Eine Besprechung von Renate Schwarzbauer: Adriana Altaras, Die jüdische Souffleuse. Roman, 203 Seiten, Verlag Kiepenheuer & Witsch, 2018

Am Anfang nervt sie einfach nur, die Souffleuse Susanne. Sie souffliert gar nicht ernsthaft bei den Proben zu Mozarts „Entführung aus dem Serail“ an der Oper einer mittelgroßen deutschen Stadt. Stattdessen will sie nur über sich selbst reden, oft mit umständlichen Abschweifungen. Und an etlichen Tagen, an denen sie besonders dringend gebraucht würde, ist sie gar nicht da – krankgemeldet.

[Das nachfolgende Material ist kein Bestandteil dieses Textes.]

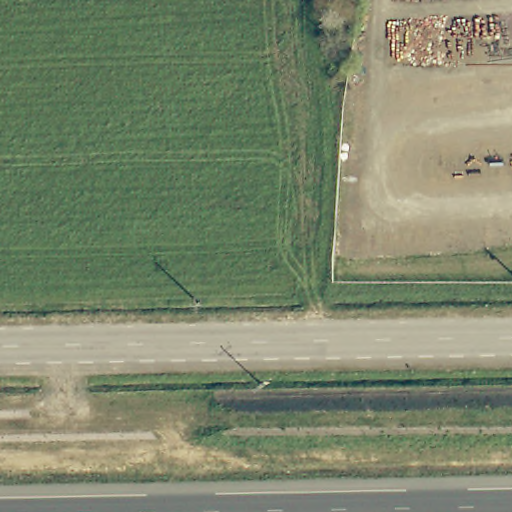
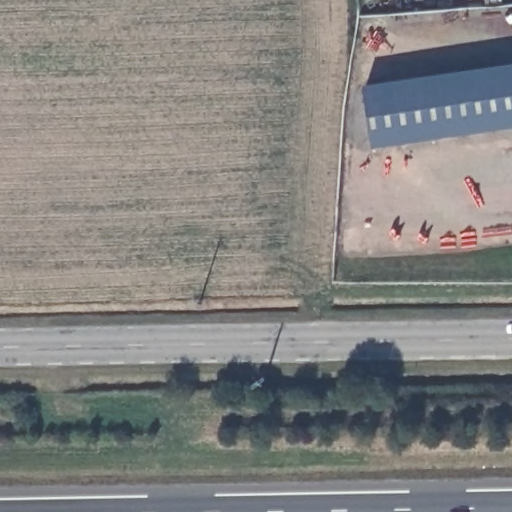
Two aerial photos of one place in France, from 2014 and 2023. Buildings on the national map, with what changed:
new [(364,87),(512,66),(512,130),(374,150),(364,87)]

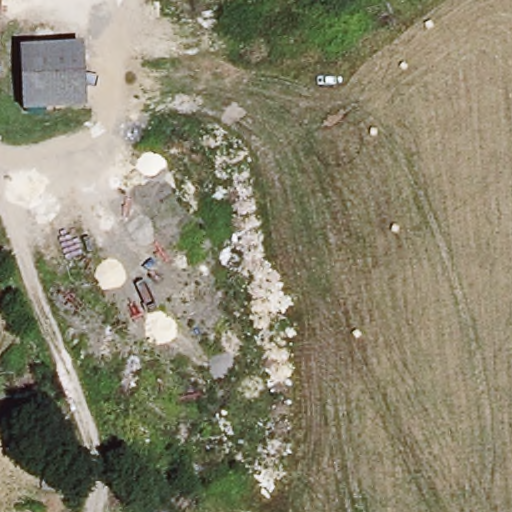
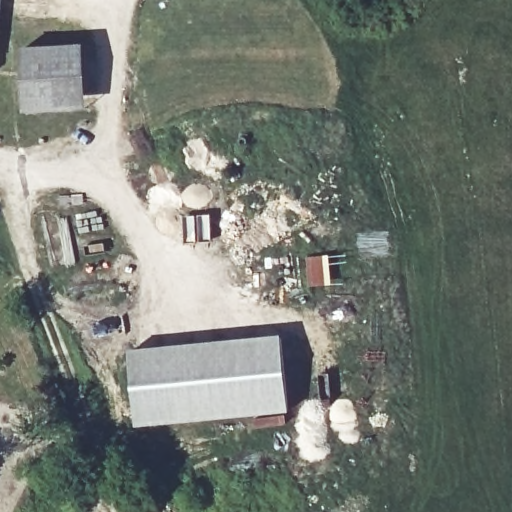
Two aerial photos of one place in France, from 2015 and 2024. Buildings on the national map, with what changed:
unchanged [(0,0),(7,0),(0,58),(0,0)]
unchanged [(82,45),(86,109),(25,113),(21,48),(82,45)]
new [(280,337),(288,411),(138,426),(130,352),(280,337)]

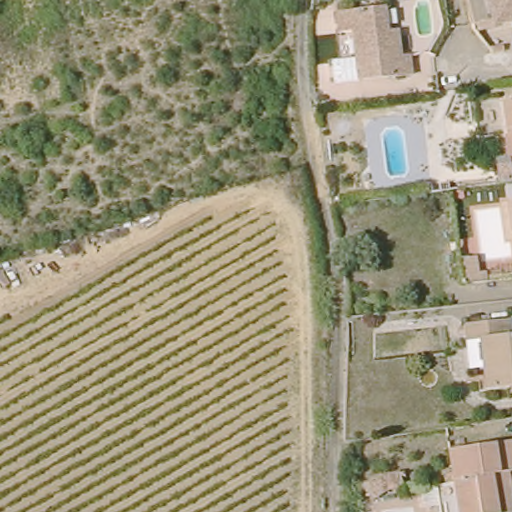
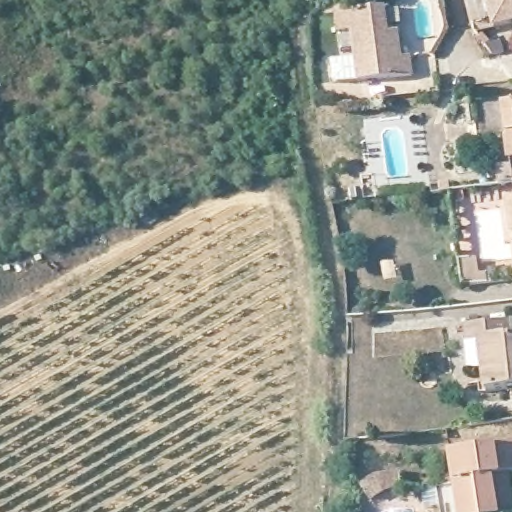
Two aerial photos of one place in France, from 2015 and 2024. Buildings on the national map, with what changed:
unchanged [(510,25),(492,29),(473,35),(472,29),(464,0),(512,0),(512,24),(510,25)]
unchanged [(386,35),(395,34),(400,59),(409,58),(411,76),(357,85),(350,35),(337,37),(335,16),(347,15),(382,10),(386,35)]
unchanged [(511,133),(507,105),(512,104),(512,133),(511,133)]
unchanged [(510,205),(512,204),(512,216),(510,205)]
unchanged [(485,272),(485,283),(461,286),(457,261),(474,258),(477,272),(485,272)]
unchanged [(495,393),(492,368),(477,370),(474,345),(472,327),(512,323),(512,391),(495,393)]
unchanged [(447,453),(512,443),(512,472),(507,473),(512,511),(512,512),(456,512),(452,485),(447,453)]
unchanged [(380,485),(397,482),(399,495),(382,497),(380,485)]

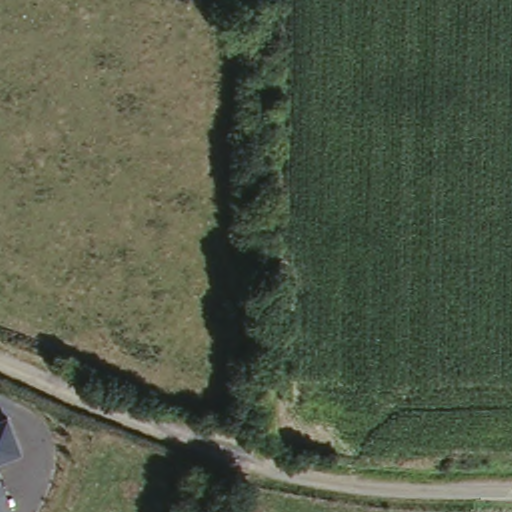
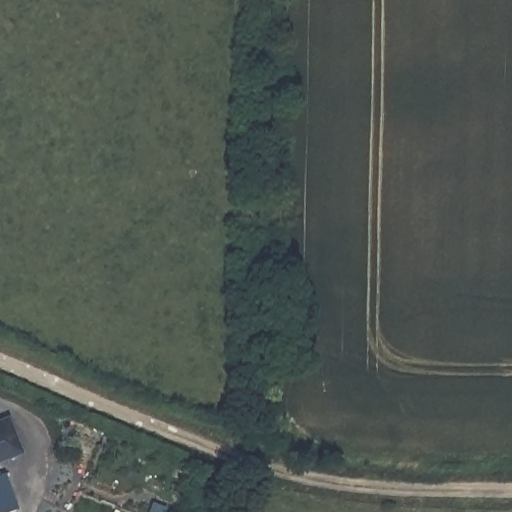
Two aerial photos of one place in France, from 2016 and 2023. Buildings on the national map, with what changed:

Adriana Altaras, die Ich-Erzählerin dieses traurig-komischen Romans nach einer wahren Geschichte, ist auch im wirklichen Leben Opernregisseurin. Und Schauspielerin. Und Bestseller-Autorin. In den Büchern „Titos Brille“ und „Doitscha. Eine jüdische Mutter packt aus“ lernen wir Geschichte und Gegenwart ihrer jüdischen Familie kennen, die Wurzeln in Spanien, Kroatien und Italien hat und seit den 1960er Jahren in Deutschland lebt, jetzt in Berlin. (Auch diese beiden Bücher sind hier in der Jüdischen Bibliothek ausleihbar und unbedingt lesenswert!) Der Reiz ihres jüngsten Buches liegt in der wunderbaren Darstellung der skurrilen und euphorischen Momente bei den Opernproben, die mehr und mehr mit dem Schicksal der Souffleuse verknüpft werden.

Schon bald erfahren wir, dass die Souffleuse gar nicht Susanne heißt. Das ist nur ihr Pseudonym, eine ihrer Schutzmaßnahmen gegen die Zumutungen der Außenwelt. Ihr wahrer Name, ihr jüdischer Name, ist Sissele. Darin steckt das Wort süß, und der Name wird auf der ersten, langen Silbe betont (sprich: „Sießele“). Sie ist jetzt Mitte 60 und hat von Kindheit an schreckliche Erlebnisse zu verarbeiten gehabt. Ein Teil ihrer Seele ist wie gelähmt durch all die Schwermut, die auf ihr lastet. Aber aufgegeben hat sie nicht. Die Fügung, dass ausgerechnet Adriana Altaras, deren Bücher und Fernsehauftritte sie so schätzt, hier an dieser Bühne inszeniert, gibt Sissele wieder Hoffnung.

Adriana Altaras soll ihr nämlich helfen, die einzigen (hoffentlich) noch lebenden Verwandten zu finden, die Sissele in einem Lager für Displaced Persons in den 50er Jahren in Bayern kennengelernt hatte, zu denen sie den Kontakt jedoch schon lange, lange verloren hat. Adriana Altaras fühlt sich von dieser Bitte überfordert; ihre eigene Familiengeschichte und dazu die Tücken der Operninszenierung bieten schon genug Futter für einen Nervenkollaps. Aber dann! Es entwickeln sich verblüffende, zu Tränen rührende, gute Dinge – die hier in dieser Besprechung natürlich auf keinen Fall verraten werden. Man muss das Buch einfach lesen und staunen. Und hoffen, dass eine kleine Andeutung im Vorwort, Adriana Altaras wolle nach diesem Buch kein weiteres mehr schreiben, von ihr vielleicht doch noch einmal überdacht wird.